_Task objective:_
Copy out each line of the material in which the word "Temporary" appears.

_Data:_

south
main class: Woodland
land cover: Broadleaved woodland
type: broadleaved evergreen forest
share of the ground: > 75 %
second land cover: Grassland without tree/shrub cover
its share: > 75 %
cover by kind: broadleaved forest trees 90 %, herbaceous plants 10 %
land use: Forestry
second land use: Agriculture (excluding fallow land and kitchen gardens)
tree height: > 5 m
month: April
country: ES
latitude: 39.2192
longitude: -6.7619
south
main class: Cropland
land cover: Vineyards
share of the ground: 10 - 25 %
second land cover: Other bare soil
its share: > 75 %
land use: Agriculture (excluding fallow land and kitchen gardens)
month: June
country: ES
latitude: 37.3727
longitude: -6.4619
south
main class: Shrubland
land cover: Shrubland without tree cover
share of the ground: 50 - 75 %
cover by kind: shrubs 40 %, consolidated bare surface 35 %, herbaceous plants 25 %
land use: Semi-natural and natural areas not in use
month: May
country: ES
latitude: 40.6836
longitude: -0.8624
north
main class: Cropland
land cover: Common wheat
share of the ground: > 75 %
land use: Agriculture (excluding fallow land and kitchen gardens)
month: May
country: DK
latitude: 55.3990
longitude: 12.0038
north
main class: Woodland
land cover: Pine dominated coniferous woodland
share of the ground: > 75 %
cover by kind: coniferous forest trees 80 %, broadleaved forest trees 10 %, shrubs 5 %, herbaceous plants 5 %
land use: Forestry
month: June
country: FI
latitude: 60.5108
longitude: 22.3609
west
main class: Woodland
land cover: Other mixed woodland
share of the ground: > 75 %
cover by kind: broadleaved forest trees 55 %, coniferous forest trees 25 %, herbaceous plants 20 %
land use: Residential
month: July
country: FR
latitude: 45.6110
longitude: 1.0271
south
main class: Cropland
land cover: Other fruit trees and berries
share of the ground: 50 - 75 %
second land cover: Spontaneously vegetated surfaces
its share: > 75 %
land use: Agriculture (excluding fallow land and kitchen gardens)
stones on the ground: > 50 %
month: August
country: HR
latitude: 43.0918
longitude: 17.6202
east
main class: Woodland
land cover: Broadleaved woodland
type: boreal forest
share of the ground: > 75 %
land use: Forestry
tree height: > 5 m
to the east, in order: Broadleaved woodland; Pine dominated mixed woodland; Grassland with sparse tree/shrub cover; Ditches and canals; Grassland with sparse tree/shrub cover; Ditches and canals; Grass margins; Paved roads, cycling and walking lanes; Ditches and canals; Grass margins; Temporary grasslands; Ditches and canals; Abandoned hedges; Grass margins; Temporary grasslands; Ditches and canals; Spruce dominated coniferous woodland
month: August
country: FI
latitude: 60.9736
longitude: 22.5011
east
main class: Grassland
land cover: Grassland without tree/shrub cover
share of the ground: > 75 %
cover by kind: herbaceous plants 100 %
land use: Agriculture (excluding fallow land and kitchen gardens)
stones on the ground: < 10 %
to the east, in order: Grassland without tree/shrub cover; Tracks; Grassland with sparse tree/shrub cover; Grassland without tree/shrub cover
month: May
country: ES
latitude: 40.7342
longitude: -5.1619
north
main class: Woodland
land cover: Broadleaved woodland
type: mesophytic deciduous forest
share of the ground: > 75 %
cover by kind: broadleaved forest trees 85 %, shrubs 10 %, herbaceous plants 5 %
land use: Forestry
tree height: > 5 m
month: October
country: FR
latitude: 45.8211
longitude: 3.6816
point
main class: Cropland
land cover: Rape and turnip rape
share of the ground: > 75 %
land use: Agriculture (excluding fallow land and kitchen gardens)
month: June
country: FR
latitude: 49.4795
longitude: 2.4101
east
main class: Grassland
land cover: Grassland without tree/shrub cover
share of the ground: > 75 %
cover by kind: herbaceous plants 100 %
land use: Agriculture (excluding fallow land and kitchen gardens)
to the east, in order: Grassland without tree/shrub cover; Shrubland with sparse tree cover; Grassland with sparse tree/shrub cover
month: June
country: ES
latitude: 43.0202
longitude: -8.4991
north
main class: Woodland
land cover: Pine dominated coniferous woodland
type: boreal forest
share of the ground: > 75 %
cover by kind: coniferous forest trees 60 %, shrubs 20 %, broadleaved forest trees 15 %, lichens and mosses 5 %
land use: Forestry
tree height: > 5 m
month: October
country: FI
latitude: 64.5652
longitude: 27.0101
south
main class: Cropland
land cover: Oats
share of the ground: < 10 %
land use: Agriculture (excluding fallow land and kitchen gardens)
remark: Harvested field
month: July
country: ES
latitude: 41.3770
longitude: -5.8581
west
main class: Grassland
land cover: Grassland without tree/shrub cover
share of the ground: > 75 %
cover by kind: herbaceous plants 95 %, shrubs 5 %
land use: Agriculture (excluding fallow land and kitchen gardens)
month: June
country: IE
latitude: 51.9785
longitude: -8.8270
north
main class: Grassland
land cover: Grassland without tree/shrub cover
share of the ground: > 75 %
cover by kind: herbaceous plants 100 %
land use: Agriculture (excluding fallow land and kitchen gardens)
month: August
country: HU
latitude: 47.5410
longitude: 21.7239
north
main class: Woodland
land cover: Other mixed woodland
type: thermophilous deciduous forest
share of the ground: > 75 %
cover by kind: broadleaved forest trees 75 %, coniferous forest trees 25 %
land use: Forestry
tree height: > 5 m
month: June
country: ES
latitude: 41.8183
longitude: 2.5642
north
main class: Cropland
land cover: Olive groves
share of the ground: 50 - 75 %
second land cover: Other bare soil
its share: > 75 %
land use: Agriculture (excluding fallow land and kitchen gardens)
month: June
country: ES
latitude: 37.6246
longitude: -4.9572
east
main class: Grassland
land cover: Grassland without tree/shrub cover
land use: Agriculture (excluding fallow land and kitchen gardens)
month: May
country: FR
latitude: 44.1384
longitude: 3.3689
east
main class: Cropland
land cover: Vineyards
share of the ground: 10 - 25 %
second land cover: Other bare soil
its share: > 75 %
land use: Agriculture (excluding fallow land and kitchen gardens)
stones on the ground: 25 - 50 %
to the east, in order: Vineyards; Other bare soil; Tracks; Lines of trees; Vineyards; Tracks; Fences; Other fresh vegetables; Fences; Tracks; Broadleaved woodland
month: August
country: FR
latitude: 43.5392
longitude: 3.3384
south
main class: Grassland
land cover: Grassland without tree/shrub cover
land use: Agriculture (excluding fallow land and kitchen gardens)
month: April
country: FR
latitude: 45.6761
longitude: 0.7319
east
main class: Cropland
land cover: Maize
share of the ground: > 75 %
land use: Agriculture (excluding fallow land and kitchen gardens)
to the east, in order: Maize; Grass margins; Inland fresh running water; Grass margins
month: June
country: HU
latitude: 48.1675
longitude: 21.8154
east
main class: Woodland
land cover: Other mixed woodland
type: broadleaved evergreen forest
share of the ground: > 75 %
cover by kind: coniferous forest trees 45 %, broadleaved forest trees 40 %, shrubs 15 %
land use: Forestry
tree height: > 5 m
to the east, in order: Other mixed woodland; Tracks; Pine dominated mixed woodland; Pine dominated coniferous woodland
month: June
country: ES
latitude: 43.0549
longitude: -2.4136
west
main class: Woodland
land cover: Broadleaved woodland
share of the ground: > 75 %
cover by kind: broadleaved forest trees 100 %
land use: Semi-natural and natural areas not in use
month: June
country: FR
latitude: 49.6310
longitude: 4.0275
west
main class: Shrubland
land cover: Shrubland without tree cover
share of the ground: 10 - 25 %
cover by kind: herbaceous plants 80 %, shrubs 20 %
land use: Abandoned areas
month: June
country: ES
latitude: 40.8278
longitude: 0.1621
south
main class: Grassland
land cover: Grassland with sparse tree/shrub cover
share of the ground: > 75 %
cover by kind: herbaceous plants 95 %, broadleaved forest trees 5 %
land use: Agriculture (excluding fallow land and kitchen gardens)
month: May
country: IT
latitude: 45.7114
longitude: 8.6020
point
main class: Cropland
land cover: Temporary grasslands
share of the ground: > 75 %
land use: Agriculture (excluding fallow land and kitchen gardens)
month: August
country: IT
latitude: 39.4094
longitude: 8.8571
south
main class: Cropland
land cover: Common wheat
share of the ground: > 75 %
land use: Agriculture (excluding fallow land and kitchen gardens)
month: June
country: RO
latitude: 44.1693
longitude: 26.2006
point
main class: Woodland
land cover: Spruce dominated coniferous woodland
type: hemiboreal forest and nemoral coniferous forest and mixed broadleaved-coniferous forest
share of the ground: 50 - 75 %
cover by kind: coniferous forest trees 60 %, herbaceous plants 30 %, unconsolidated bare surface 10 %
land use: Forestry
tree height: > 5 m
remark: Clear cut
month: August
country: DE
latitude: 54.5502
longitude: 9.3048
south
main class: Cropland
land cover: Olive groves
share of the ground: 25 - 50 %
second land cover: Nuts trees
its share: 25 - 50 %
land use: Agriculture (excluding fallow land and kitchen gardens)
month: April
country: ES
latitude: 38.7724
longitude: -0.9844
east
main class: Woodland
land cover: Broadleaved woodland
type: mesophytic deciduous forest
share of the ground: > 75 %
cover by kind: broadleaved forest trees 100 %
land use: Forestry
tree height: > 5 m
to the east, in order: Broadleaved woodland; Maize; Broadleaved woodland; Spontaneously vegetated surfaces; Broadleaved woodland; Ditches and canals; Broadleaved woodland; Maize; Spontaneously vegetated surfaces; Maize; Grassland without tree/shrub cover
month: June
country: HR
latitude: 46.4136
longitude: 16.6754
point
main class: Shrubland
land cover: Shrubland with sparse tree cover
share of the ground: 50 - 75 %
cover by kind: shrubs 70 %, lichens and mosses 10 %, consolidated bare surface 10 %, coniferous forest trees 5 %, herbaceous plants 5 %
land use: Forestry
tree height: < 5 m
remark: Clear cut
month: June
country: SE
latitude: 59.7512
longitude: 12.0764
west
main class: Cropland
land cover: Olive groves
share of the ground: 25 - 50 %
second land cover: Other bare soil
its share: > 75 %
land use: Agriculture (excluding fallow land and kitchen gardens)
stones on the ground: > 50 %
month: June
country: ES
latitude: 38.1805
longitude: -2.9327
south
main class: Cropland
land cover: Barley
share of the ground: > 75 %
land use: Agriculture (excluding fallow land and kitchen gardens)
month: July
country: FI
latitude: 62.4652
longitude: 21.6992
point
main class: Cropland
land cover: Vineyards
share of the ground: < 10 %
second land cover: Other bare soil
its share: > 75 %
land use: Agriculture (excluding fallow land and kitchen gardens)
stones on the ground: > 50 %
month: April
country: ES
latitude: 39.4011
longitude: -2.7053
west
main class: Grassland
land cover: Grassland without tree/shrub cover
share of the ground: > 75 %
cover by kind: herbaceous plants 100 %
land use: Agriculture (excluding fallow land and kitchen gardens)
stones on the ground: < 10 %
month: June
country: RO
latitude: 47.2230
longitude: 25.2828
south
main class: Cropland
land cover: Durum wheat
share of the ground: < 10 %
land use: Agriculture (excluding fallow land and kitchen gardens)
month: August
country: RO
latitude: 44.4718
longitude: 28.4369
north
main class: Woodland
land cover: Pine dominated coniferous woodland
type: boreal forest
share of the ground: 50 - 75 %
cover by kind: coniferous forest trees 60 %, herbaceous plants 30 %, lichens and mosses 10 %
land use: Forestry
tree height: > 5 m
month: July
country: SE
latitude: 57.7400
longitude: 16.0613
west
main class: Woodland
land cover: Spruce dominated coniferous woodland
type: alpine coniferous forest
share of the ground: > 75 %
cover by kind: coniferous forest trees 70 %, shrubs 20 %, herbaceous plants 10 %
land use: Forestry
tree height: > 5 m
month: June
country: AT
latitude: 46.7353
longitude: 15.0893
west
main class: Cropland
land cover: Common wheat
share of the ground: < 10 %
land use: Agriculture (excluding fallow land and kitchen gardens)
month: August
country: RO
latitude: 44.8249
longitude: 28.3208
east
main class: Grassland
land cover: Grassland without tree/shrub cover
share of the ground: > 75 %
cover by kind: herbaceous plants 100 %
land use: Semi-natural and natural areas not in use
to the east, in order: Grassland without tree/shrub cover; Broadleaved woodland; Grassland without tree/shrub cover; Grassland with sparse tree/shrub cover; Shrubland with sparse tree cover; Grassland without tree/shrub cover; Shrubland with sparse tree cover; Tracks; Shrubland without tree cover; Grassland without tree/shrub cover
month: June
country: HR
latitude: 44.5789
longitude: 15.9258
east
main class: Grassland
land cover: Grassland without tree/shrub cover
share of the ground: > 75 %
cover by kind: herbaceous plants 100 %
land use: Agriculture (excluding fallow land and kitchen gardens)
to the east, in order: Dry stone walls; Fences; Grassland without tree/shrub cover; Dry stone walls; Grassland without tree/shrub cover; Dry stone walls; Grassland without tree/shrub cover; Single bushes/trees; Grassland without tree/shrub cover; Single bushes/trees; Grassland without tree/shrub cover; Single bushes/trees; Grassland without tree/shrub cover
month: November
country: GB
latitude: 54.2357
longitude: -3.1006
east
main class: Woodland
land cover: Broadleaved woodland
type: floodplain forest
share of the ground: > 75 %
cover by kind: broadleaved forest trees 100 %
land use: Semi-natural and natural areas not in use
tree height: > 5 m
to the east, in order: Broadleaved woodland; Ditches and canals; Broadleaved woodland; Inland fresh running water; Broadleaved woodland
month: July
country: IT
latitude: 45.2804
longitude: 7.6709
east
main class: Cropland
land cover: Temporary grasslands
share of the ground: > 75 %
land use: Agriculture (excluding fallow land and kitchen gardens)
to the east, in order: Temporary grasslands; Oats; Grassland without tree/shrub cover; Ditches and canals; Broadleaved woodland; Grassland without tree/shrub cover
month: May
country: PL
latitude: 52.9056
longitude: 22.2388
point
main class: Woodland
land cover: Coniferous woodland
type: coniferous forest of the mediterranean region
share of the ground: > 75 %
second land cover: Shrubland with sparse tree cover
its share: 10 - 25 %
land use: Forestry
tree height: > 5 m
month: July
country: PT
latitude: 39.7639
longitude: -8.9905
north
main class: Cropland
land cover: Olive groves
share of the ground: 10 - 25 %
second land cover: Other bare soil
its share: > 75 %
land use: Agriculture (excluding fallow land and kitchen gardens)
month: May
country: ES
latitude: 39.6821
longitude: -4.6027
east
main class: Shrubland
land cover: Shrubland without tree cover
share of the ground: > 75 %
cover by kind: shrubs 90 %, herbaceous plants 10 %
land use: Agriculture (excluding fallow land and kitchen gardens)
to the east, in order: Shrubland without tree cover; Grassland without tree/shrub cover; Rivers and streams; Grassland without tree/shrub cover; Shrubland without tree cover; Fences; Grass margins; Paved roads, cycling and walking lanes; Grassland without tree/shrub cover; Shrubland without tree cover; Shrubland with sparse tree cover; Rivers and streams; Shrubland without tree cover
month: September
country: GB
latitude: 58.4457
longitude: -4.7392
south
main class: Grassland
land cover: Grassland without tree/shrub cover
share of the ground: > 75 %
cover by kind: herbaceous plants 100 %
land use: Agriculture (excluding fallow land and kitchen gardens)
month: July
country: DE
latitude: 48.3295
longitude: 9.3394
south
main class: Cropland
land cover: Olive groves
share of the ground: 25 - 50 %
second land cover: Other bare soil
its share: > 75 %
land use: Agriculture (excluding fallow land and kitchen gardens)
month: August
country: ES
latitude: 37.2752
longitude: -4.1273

_Response to the task:_
to the east, in order: Broadleaved woodland; Pine dominated mixed woodland; Grassland with sparse tree/shrub cover; Ditches and canals; Grassland with sparse tree/shrub cover; Ditches and canals; Grass margins; Paved roads, cycling and walking lanes; Ditches and canals; Grass margins; Temporary grasslands; Ditches and canals; Abandoned hedges; Grass margins; Temporary grasslands; Ditches and canals; Spruce dominated coniferous woodland
land cover: Temporary grasslands
land cover: Temporary grasslands
to the east, in order: Temporary grasslands; Oats; Grassland without tree/shrub cover; Ditches and canals; Broadleaved woodland; Grassland without tree/shrub cover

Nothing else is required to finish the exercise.